Rajive Bhalla, J.@mdashThe petitioner prays for issuance of a writ of certiorari quashing notices, issued under Rule 230 of the Central Excise Rules, 1944 (hereinafter referred to as the Rules''), calling upon the petitioner to discharge liabilities under the Central Excise and Salt Act, 1944 (hereinafter referred to as "the Excise Act"). M/s. Century Iron and Steels" Limited, defaulted in payment of loans to the Punjab Financial Corporation and the Punjab State Industrial Development Corporation. The plant and machinery were possessed, u/s 29 of the State Financial Corporation Act, 1951, and auctioned. The petitioner, admittedly, purchased land, building and machinery, from the Punjab Financial Corporation, in an auction that lead to execution of a sale agreement, dated 28.10.1994. The Central Excise Department served a notice, dated 09.03.1995, calling upon the petitioner to discharge the liabilities of M/s. Century Iron and Steels Limited arising from orders, relating to availment of Cenvat credit etc. The petitioner filed a reply pleading that as it has purchased property under the State Financial Corporation Act, free from all encumbrances, the liability of the original owner cannot be fastened upon the petitioner. The petitioner is before us challenging the show cause notice.

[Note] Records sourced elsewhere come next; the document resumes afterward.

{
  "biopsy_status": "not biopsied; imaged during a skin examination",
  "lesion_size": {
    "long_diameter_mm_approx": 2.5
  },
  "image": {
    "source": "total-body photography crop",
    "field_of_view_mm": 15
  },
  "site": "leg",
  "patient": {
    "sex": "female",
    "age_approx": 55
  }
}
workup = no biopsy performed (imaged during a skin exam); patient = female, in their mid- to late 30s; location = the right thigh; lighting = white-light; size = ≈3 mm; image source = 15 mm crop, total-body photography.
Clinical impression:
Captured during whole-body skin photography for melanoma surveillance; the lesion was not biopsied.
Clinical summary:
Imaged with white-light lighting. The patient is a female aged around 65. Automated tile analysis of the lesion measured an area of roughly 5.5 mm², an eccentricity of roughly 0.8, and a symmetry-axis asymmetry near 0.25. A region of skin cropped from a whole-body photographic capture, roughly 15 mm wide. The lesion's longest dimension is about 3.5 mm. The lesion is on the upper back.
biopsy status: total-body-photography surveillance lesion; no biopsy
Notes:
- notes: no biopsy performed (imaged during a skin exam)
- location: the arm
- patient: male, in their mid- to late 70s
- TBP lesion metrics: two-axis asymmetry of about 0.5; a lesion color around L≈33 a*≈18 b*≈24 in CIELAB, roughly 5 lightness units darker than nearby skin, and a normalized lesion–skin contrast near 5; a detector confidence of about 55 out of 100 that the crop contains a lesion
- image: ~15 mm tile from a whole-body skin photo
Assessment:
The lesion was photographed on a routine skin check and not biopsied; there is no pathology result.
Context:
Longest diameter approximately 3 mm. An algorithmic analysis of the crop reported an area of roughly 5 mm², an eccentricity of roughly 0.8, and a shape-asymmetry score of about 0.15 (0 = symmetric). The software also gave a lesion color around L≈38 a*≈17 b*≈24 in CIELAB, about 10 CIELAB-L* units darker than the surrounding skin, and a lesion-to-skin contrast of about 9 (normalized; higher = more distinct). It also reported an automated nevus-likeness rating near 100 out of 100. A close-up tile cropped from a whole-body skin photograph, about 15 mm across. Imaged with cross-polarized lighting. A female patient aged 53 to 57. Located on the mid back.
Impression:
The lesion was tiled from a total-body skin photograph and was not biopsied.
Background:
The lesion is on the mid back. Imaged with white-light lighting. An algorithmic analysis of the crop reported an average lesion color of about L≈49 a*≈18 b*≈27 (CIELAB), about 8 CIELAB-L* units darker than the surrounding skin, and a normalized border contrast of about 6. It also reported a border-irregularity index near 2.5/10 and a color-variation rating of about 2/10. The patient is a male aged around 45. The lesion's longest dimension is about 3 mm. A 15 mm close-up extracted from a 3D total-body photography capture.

2. Counsel for the petitioner submits that the petitioner has not purchased a running concern much less the business of M/s. Century Iron and Steels Limited but has only purchased land, plant and machinery. The Hon''ble Supreme Court, has held while considering a similar dispute in
3. Counsel for the revenue per-contra urges that distinction drawn by the Hon''ble Supreme Court between purchase of land and machinery as opposed to purchase of business has been recorded without considering Rule 230(1) of the Central Excise Rules, 1944, which clearly provide that duty leviable on goods or by any person carrying on trade or business, may be recovered by detaining goods, plant, and machinery till such time as duty is not paid or recovered. It is further submitted that Rule 230(2) of the Rules provides that where any such person transfers or otherwise disposes of his business in whole or in part, or effects any change in the ownership thereof, all excisable goods, material, preparations, plant, machinery, vessels etc., in possession of the person or persons succeeding to the original owner, may also be detained. It is argued that in view of Rule 230(1)(2) of the Central Excise Rules, the petitioner cannot be heard to urge that it is not liable to discharge the liability of M/s. Century Iron and Steels Limited and even otherwise as a mere show cause notice has been issued to the petitioner, the writ petition may be dismissed.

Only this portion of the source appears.